--- Exercise details ---
Supply the number of lines in the listing below in which the word "preserve" occurs, and nothing else.

--- Available data ---
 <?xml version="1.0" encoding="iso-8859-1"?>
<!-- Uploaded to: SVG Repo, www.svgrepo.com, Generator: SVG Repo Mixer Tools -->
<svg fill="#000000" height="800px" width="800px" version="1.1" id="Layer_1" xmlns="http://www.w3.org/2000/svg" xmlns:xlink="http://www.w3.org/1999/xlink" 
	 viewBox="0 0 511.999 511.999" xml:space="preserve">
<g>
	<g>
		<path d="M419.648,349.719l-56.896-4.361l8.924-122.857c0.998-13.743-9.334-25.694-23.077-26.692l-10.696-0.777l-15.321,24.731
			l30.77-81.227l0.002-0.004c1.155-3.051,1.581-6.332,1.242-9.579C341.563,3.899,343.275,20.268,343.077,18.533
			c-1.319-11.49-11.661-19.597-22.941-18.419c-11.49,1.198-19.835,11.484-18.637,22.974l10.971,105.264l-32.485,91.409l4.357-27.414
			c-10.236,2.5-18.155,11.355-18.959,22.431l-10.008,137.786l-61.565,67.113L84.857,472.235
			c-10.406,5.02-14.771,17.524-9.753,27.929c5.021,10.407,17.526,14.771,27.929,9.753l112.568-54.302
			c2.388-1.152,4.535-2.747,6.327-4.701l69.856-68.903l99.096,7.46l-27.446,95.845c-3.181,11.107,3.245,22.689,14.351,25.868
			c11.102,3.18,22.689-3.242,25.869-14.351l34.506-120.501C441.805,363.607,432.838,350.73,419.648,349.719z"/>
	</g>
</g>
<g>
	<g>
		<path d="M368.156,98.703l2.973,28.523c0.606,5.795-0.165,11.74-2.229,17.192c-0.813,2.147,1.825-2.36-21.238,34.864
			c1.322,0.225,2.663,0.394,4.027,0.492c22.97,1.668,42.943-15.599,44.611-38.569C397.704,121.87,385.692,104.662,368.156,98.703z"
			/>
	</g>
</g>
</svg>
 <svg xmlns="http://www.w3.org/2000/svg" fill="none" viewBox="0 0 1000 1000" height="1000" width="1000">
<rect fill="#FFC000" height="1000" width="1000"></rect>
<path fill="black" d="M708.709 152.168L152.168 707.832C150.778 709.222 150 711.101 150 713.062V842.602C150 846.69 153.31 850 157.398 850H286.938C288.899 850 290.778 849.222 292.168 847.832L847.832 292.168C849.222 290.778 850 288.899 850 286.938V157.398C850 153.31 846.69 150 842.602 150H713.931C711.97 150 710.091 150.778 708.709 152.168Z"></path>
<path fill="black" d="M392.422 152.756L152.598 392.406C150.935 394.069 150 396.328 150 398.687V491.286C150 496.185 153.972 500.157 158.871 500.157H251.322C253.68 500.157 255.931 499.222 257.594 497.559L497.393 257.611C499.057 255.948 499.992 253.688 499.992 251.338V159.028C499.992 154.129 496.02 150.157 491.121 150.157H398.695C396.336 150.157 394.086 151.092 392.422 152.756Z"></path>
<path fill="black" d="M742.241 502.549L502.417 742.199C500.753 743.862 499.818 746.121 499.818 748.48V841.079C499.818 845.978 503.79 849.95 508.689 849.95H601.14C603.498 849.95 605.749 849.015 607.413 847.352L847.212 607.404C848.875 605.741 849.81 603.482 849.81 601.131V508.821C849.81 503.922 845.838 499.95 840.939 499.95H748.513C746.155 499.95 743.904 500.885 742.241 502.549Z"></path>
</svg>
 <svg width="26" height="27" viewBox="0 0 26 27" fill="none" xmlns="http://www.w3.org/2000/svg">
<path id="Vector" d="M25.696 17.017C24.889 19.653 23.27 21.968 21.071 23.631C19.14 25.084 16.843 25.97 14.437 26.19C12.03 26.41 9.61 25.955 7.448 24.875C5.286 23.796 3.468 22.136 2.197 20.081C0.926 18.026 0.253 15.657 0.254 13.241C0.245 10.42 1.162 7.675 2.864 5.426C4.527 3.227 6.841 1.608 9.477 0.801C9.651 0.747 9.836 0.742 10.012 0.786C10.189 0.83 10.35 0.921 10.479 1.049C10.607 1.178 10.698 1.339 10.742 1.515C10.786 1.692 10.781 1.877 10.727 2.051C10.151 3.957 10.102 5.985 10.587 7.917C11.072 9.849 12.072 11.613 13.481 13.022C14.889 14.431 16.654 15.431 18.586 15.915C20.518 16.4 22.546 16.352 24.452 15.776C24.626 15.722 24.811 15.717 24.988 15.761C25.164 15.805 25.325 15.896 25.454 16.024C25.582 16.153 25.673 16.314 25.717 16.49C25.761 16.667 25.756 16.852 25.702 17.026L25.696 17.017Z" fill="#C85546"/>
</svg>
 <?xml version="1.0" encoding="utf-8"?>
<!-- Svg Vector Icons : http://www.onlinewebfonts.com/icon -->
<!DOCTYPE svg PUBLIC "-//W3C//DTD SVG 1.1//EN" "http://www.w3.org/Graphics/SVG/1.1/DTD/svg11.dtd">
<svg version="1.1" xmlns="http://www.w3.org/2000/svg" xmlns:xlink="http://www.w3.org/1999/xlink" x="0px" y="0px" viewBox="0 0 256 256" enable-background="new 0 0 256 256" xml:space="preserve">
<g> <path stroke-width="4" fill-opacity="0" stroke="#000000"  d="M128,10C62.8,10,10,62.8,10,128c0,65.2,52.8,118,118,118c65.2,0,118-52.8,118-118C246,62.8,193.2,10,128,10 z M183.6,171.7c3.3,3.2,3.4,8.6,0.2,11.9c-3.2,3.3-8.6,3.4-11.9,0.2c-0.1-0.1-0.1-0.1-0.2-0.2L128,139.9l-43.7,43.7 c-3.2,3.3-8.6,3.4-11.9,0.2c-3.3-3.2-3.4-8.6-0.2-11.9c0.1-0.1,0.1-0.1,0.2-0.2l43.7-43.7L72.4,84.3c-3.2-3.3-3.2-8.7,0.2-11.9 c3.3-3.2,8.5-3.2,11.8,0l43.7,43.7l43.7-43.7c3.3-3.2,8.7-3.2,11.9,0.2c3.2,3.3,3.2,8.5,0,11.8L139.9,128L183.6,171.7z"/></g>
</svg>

--- Answer to the problem ---
2